Dish Network’s chairman said it’s likely inevitable that his company and AT&T’s DirecTV would merge in the future, but warned there could be significant regulatory hurdles if both companies make such a proposition.
On an earnings conference call this week, Dish Network’s corporate chairman Charlie Ergen said one foundation for a merger between the two companies is growth in competing technologies that is eroding market share for traditional linear pay TV systems like direct-to-home satellite broadcasting.
For several years, Wall Street executives have encouraged Dish Network and AT&T to explore a merger of their satellite TV businesses — something that the companies tried before in what seems like another lifetime.
In October 2001, Dish Network — then owned by Echostar — and then-Hughes owned DirecTV inked a deal to combine businesses for $26 billion in cash and stock (around $39 billion today, adjusted for inflation). Analysts at the time said the proposal represented a “fantastic deal” for the pay TV industry, but warned of significant regulatory hurdles that stood in the way of a completed deal.

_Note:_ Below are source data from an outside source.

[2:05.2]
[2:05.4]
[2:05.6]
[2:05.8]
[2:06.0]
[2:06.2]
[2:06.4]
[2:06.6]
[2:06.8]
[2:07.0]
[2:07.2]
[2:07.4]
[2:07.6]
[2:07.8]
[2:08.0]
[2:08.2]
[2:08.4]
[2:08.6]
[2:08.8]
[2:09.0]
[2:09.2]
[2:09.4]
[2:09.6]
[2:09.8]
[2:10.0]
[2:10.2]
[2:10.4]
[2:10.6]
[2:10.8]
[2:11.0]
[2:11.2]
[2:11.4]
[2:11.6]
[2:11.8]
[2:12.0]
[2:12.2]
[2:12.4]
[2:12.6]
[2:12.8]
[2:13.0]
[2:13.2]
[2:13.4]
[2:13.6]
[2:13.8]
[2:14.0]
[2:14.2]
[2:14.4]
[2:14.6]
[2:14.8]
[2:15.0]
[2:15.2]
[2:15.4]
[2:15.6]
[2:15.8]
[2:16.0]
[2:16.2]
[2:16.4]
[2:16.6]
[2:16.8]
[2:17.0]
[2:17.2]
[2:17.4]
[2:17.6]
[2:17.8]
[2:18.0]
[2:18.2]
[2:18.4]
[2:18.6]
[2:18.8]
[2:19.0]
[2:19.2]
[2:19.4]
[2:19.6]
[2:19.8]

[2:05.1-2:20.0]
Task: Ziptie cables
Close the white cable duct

Echostar and Hughes called off the proposed merger more than a year later after the Department of Justice and Federal Communications Commission raised antitrust concerns. Both companies later spun off their satellite TV business; DirecTV was acquired by AT&T in 2015, while Dish focused on building out a standalone over-the-top streaming service called Sling TV.

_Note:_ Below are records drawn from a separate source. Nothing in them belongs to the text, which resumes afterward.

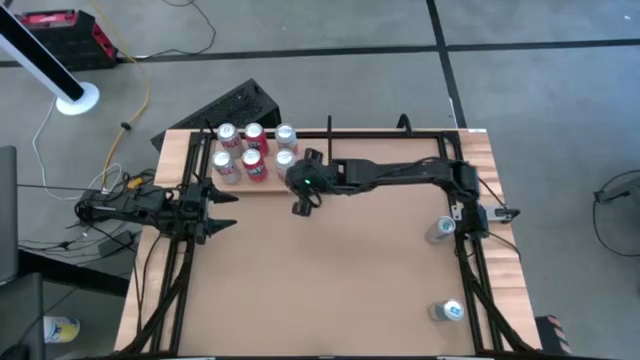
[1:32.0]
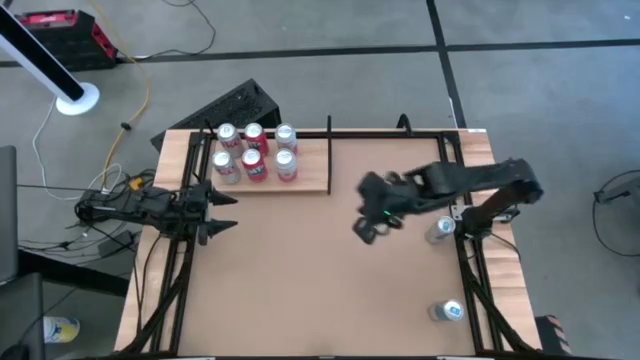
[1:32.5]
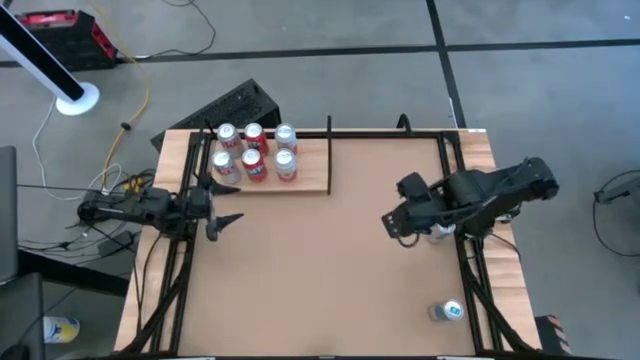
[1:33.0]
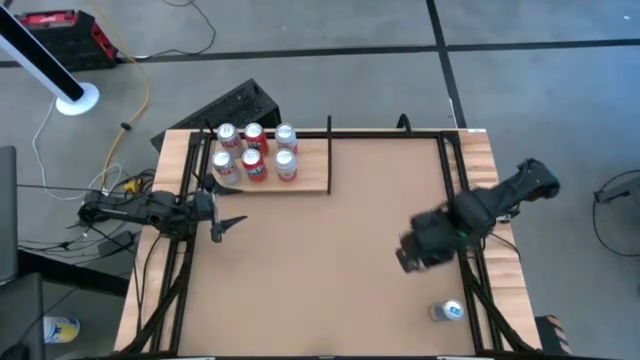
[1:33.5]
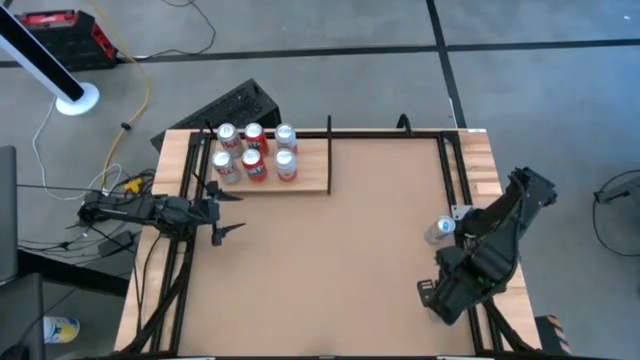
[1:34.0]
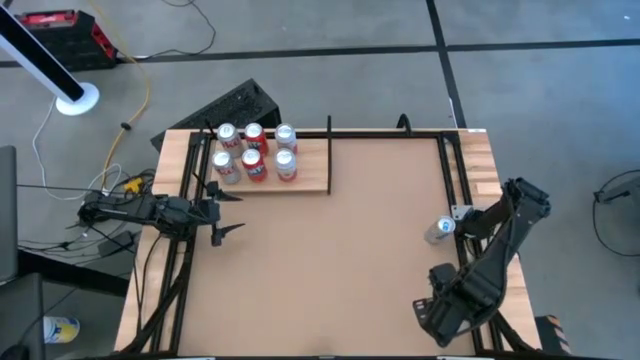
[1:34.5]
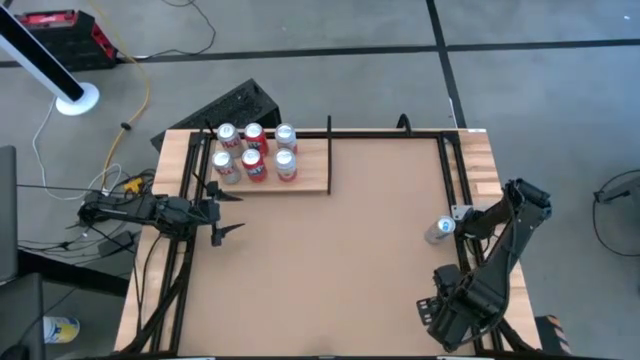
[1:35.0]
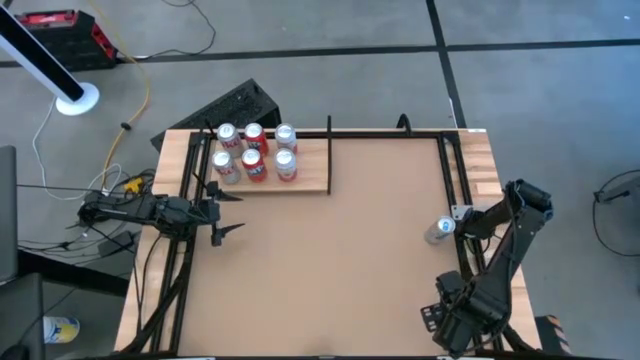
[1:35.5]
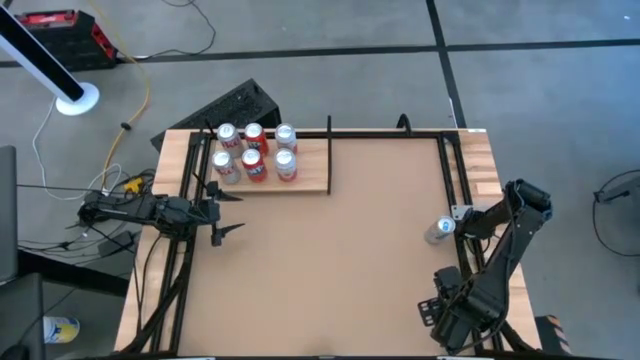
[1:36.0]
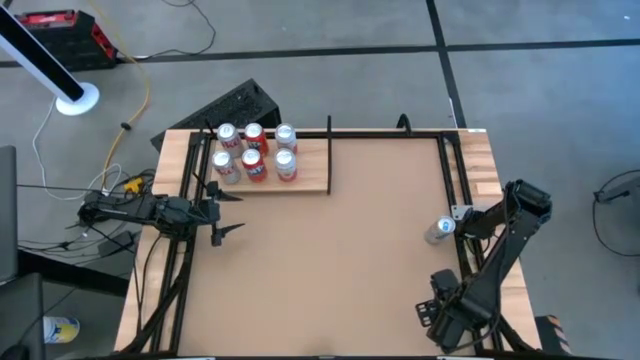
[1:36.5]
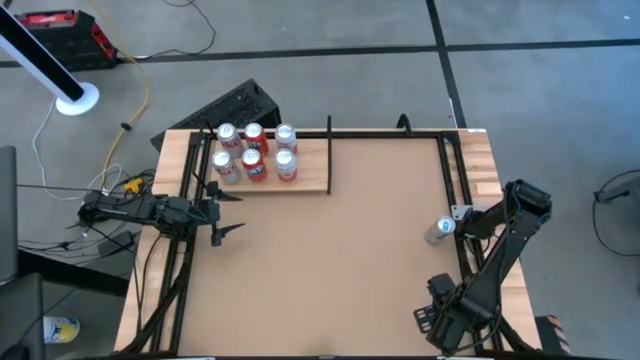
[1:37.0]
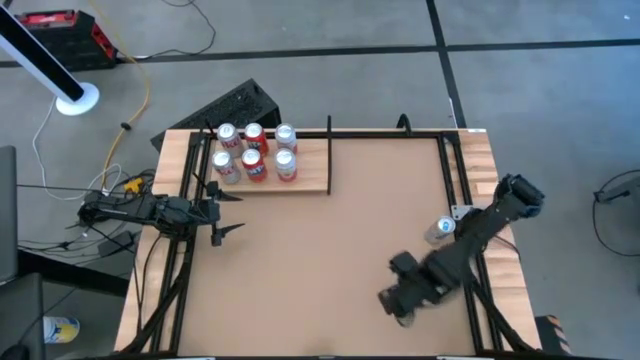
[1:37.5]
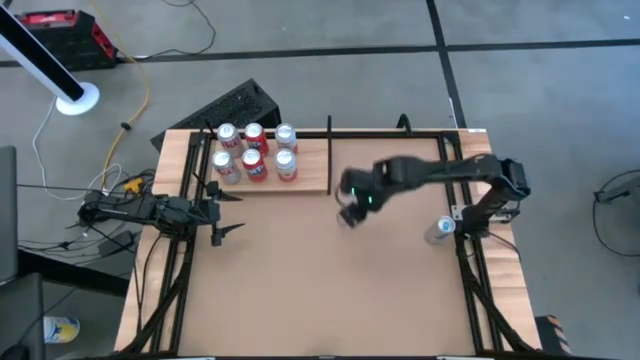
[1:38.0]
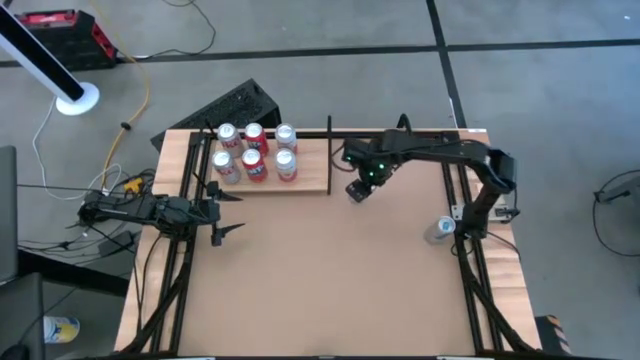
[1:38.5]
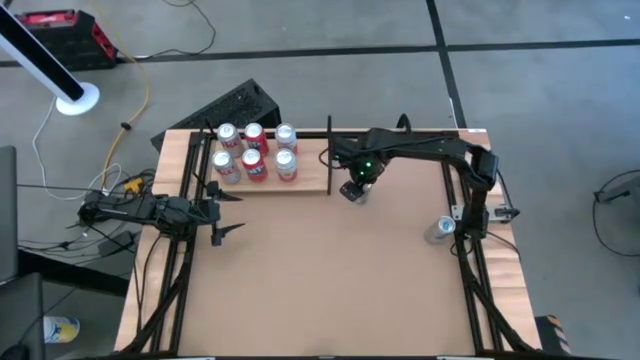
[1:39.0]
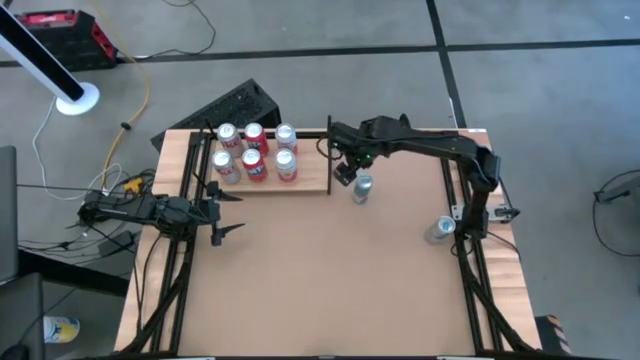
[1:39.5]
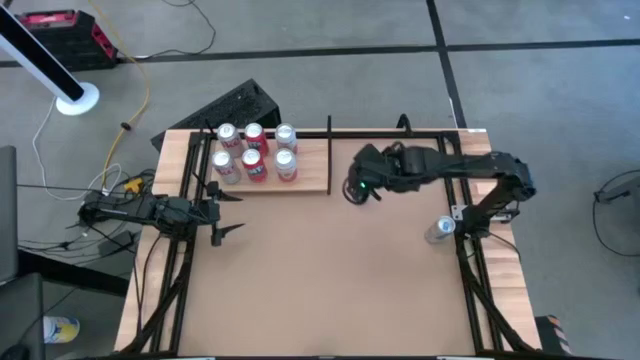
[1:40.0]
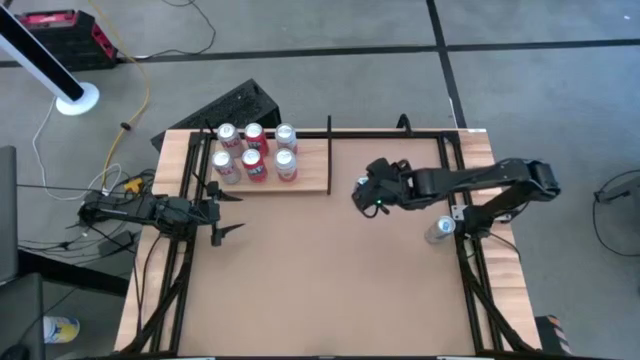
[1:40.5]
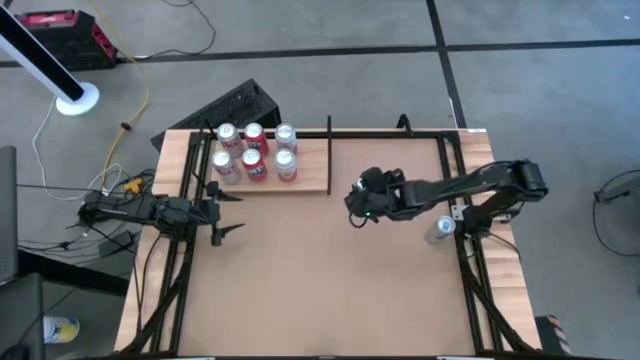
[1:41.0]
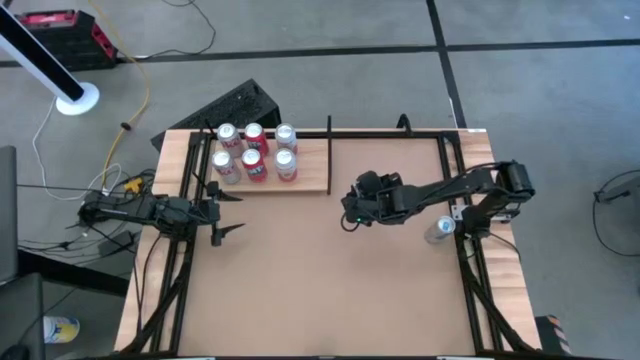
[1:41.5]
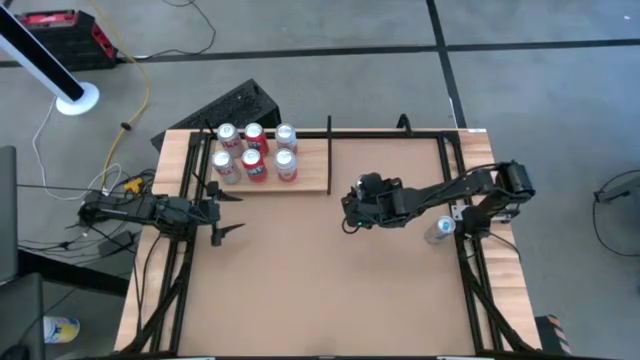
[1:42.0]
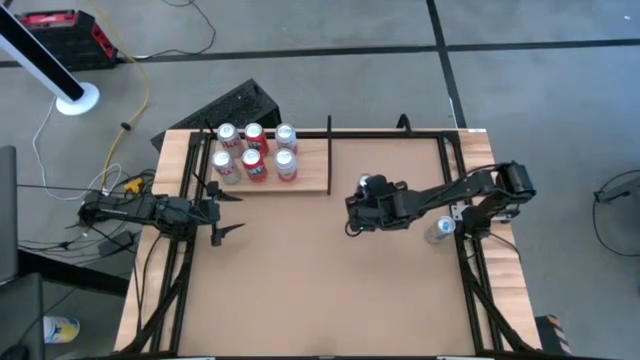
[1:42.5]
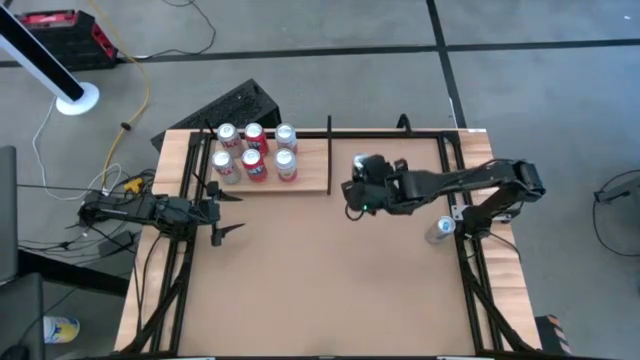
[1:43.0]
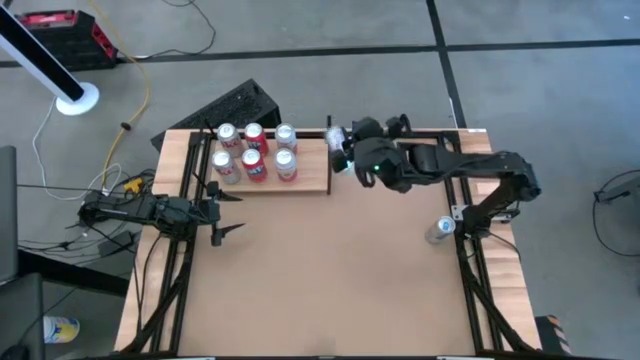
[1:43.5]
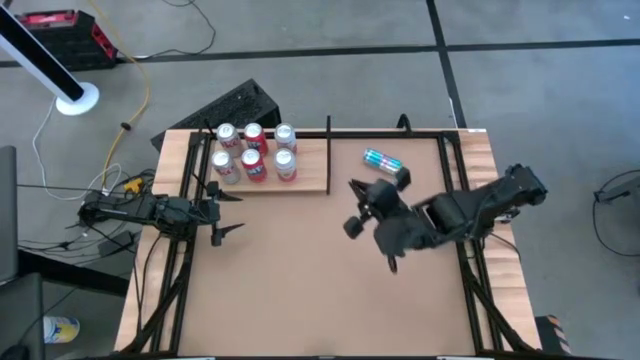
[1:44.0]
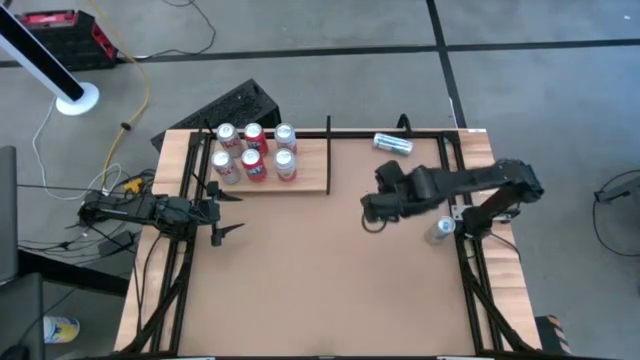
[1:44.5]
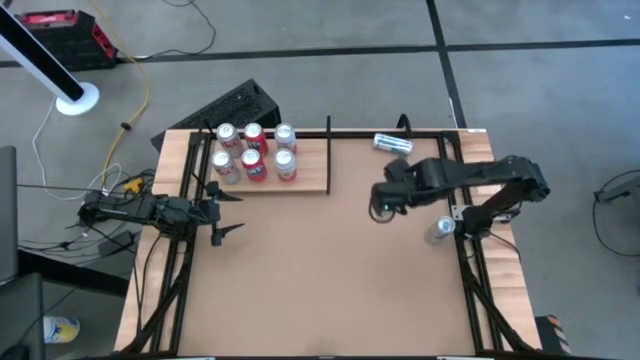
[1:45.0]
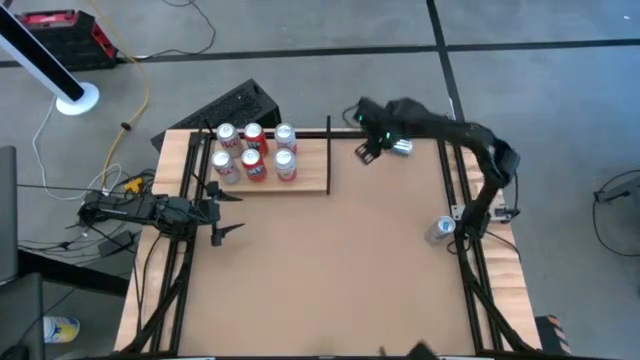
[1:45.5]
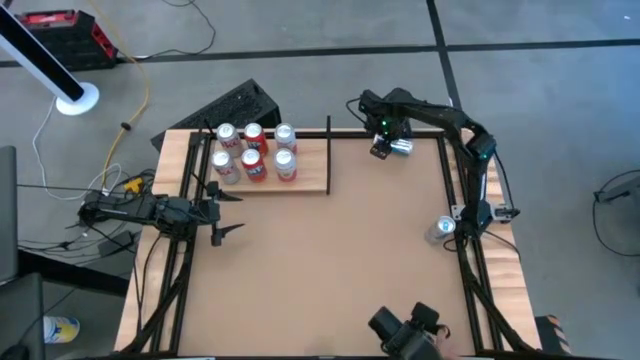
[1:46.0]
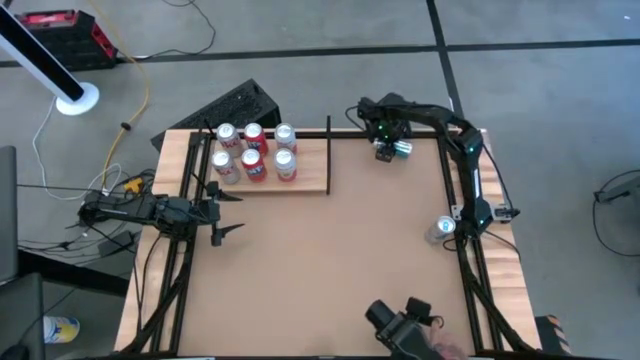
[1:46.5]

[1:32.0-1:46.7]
Task: Place canned beverage on shelf
Put the bottom blue soda can on the shelf

That last part could make the case for a merger today: Ergen said growth in the pay TV space has been dominated in recent years by the emergence of online-only options, which consumers find attractive because of their low monthly price and availability on televisions, smartphones and tablets without too much extra hardware — something both cable and satellite have struggled to offer.
Over the last two decades, federal regulators have warmed to the idea that Internet-based competition is a strong argument for consolidation in traditional industries. In 2008, the DOJ approved a merger between satellite radio companies Sirius and XM after both cited rising competition from streaming music providers — namely, Pandora and Apple’s iTunes — as eroding the market share for their linear radio service. (The combined SiriusXM acquired Pandora last year.)
The DOJ also approved a contentious merger between mobile phone service providers T-Mobile and Sprint, on condition that each company sell certain assets to third parties. Dish stands to benefit from that sale by acquiring precious radio spectrum licenses that phone companies rely on. More than a dozen states sued to block the merger, but a federal judge ruled against them, green-lighting the inevitable combination of the two companies.
Ergen said the judge’s move in that case convinced him that another merger attempt between Dish and DirecTV would stand up to the same level of regulatory and judicial scrutiny.
Disclosure: The author of this story owns stock in Sprint Corporation.